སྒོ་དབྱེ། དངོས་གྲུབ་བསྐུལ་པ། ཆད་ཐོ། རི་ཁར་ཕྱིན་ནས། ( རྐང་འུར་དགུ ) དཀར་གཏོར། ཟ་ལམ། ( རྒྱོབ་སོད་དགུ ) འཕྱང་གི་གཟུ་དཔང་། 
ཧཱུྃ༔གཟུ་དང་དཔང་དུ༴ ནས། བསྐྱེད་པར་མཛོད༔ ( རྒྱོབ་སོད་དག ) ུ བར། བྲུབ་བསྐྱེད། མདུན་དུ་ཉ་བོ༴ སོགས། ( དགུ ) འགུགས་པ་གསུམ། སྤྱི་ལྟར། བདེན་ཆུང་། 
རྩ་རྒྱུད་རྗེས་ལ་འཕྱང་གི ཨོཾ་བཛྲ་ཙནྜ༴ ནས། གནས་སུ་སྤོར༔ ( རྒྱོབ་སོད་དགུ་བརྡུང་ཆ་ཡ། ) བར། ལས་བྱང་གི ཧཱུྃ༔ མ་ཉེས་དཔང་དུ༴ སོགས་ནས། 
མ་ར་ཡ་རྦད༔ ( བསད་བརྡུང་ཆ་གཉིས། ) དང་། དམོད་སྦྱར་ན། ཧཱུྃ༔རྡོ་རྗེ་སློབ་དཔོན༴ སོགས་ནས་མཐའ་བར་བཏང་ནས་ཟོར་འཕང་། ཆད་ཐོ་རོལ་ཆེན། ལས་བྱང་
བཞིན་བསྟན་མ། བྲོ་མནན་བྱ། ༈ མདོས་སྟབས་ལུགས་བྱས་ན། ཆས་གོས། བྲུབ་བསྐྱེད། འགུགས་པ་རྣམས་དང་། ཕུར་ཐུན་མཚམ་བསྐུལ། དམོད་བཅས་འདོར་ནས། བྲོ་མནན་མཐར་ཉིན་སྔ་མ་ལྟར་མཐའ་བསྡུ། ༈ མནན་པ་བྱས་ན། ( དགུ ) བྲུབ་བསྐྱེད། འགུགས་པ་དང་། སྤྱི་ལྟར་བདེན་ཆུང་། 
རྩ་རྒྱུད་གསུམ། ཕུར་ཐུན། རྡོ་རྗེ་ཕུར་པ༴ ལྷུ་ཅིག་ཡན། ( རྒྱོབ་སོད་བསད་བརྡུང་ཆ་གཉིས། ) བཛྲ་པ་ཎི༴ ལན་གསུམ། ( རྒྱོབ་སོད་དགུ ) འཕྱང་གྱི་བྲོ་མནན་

——————————

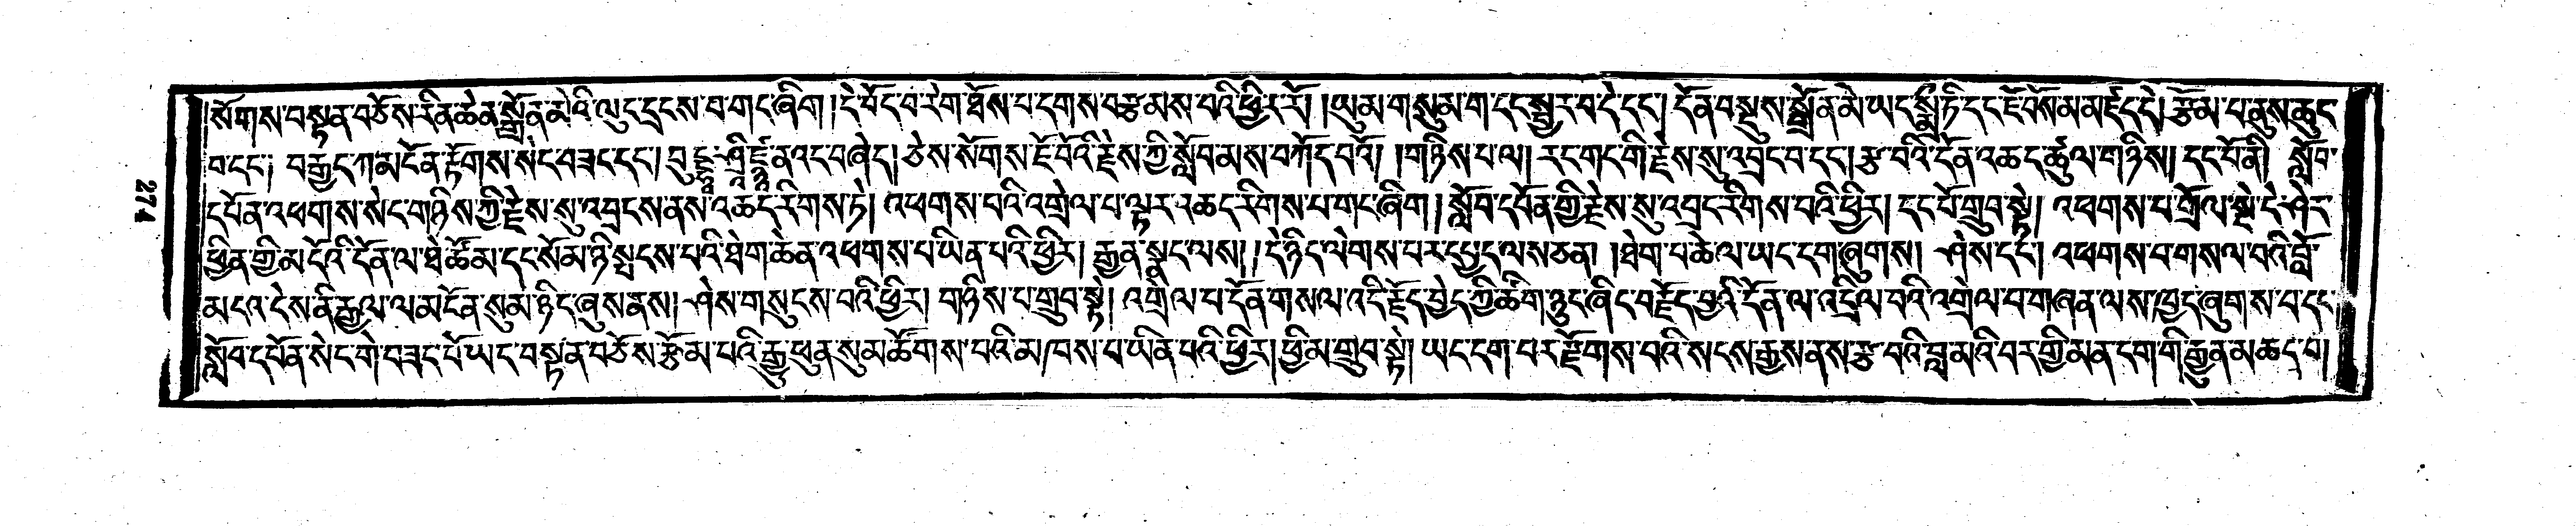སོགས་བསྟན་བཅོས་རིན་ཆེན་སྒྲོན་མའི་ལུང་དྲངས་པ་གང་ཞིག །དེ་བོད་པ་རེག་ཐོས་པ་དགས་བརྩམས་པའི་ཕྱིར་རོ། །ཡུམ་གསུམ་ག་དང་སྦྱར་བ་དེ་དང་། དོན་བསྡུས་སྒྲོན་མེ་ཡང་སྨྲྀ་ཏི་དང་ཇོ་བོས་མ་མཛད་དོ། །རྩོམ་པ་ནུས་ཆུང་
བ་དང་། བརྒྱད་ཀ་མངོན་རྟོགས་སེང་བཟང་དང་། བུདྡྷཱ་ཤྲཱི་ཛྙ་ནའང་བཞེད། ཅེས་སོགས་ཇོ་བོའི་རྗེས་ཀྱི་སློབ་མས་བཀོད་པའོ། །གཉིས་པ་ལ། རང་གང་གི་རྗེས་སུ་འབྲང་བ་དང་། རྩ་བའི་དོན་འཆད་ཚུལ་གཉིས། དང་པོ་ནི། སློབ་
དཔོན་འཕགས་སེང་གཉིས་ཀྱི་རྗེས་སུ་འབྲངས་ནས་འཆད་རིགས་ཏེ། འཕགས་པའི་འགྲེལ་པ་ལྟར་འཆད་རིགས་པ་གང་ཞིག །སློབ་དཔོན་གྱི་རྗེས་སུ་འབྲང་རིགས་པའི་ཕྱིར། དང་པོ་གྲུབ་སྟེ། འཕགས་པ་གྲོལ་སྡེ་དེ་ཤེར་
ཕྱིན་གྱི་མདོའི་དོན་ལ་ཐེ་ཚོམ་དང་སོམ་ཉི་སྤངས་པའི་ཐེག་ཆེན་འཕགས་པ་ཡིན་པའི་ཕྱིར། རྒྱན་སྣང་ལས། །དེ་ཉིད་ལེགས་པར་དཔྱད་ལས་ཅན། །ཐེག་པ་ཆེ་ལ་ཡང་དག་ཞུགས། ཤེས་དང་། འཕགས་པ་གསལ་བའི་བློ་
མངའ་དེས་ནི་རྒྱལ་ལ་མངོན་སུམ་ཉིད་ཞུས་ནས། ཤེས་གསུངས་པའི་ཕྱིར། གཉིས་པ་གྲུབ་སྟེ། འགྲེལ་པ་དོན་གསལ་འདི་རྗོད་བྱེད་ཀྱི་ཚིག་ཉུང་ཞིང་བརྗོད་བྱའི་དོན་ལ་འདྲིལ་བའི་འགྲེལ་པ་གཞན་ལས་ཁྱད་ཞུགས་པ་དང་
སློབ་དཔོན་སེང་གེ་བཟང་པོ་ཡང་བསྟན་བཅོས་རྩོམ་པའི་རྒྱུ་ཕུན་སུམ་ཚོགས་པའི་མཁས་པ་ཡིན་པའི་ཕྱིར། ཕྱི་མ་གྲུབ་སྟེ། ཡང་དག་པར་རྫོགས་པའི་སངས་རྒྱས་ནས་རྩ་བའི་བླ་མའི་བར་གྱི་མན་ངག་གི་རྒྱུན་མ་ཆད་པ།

——————————

### About this task
With the line holding "མ་ར་ཡ་རྦད༔ ( བསད་བརྡུང་ཆ་གཉིས།" as the first and the line holding "རྩ་རྒྱུད་གསུམ། ཕུར་ཐུན། རྡོ་རྗེ་ཕུར་པ༴" as the last, please transcribe exactly the lines of the material above in that range and nothing else.

### Output below
མ་ར་ཡ་རྦད༔ ( བསད་བརྡུང་ཆ་གཉིས། ) དང་། དམོད་སྦྱར་ན། ཧཱུྃ༔རྡོ་རྗེ་སློབ་དཔོན༴ སོགས་ནས་མཐའ་བར་བཏང་ནས་ཟོར་འཕང་། ཆད་ཐོ་རོལ་ཆེན། ལས་བྱང་
བཞིན་བསྟན་མ། བྲོ་མནན་བྱ། ༈ མདོས་སྟབས་ལུགས་བྱས་ན། ཆས་གོས། བྲུབ་བསྐྱེད། འགུགས་པ་རྣམས་དང་། ཕུར་ཐུན་མཚམ་བསྐུལ། དམོད་བཅས་འདོར་ནས། བྲོ་མནན་མཐར་ཉིན་སྔ་མ་ལྟར་མཐའ་བསྡུ། ༈ མནན་པ་བྱས་ན། ( དགུ ) བྲུབ་བསྐྱེད། འགུགས་པ་དང་། སྤྱི་ལྟར་བདེན་ཆུང་། 
རྩ་རྒྱུད་གསུམ། ཕུར་ཐུན། རྡོ་རྗེ་ཕུར་པ༴ ལྷུ་ཅིག་ཡན། ( རྒྱོབ་སོད་བསད་བརྡུང་ཆ་གཉིས། ) བཛྲ་པ་ཎི༴ ལན་གསུམ། ( རྒྱོབ་སོད་དགུ ) འཕྱང་གྱི་བྲོ་མནན་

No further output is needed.